Is this class great? An emphatic yes. It has a chance to be remembered as 1 of the best ever. Last year the NFL drafted 32 WRs. In '22, 28 WRs were drafted and in '21, 34 were drafted. I have given 48 WRs in this class a draftable grade and I've never given more than 32 WRs a draftable grade in any one year. I've averaged 27 draftable WRs each year for 10 years. Yes, this class has exceptional potential. Like always, success depends on health, situation and fit for each individual prospect. This class has 17 players with immediate starter grades and another 8 with significant promise to become starters quickly. And not many of them have boom-bust potential. There's really not a Harry among them although 1 comes close.

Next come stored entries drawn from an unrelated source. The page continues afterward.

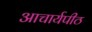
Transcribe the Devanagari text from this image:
अाचार्यपीठ
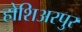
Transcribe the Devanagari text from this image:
होशिअरपुर
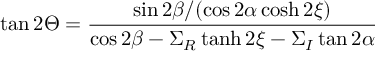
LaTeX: \tan 2 \Theta = \frac { \sin 2 \beta / ( \cos 2 \alpha \cosh 2 \xi ) } { \cos 2 \beta - \Sigma _ { R } \operatorname { t a n h } 2 \xi - \Sigma _ { I } \tan 2 \alpha }
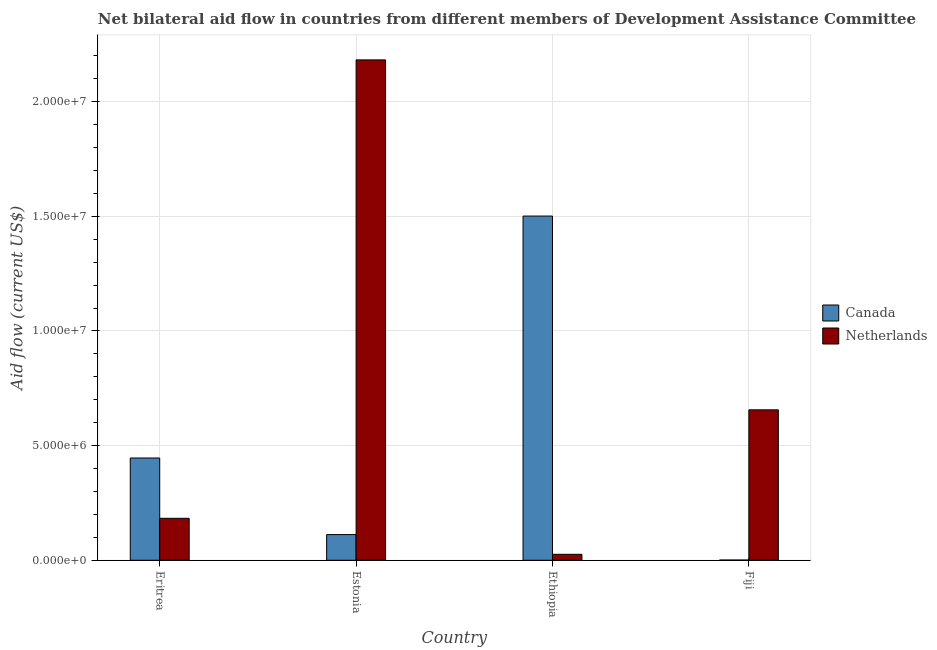
| Country | Canada | Netherlands |
 | --- | --- | --- |
 | Eritrea | 4.46e+06 | 1.83e+06 |
 | Estonia | 1.12e+06 | 2.18e+07 |
 | Ethiopia | 1.5e+07 | 2.6e+05 |
 | Fiji | 1e+04 | 6.56e+06 |

WRs who can separate? 50% of the players in this class have the speed or route running skill to separate. No worries.

Let's get into it.
I'll list them in the order I have them ranked by category & then I'll get into individual player notes in the coming days.

SMALL SLOT: * indicates a versatile player who can play other WR positions and isn't limited to the Slot role. I want all of these first 9 guys listed.
Some of the players placed at the top of this fit-based section are ahead of higher-ranked players in the overall rankings. That’s because a narrower range of skills are considered here

1. Malik Nabers, LSU*: The best receiver on my board capable of playing all three positions due to his athletic ability, route running, reliable hands, positioning and toughness at the catch point, and open-field work. The best route runner I've seen since Keenan Allen.

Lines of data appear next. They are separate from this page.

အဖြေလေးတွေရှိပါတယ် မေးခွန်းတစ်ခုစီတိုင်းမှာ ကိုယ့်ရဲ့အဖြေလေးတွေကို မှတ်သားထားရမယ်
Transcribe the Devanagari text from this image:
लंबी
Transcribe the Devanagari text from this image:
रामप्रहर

2. Xavier Worthy, Texas*: Likely a split end due to his speed and catch-point positioning and toughness but he could get bumped inside enough to wreak havoc on opposing defenses. He's small but this kid has the smarts, speed and toughness to succeed. I'm talking Steve Smith tough. Love this kid.

3. Ricky Pearsall, Florida*: He’ll likely play outside immediately but he could thrive inside and will likely earn looks there in situational packages. An under-rated WR. A semi-sleeper I'd love for the Pats

4. Jermaine Burton, Alabama*: A route technician who can play all three positions and is best considered a flanker or flanker-slot combo. Reliable and smart. Excellent use of hands against defenders. Another great route runner in the same vein as Malik Nabers and MHJ.

5. Ladd McConkey, Georgia: McConkey might be the first true slot on this board. He can produce as a flanker, but with his size, quickness, and skill over the middle, it could be a waste of resources to use him anywhere else than the slot. A smart runner in traffic and capable of big plays in the vertical game and after the catch.

6. Ainias Smith, Texas A&M: Although the physical dimensions differ, Smith’s play reminds me of Derrick Mason - ultra-reliable, more dynamic than characterized, tough, and versatile. He could be a flanker, but probably best for the slot and the backfield. One of the best open-field runners in the receiver class. Elusive with great vision after the catch. A DUI with unlawful gun possession will drop him on many boards but that was 2 1/2 years ago and no trouble since. This is the best WR you've never heard of until now.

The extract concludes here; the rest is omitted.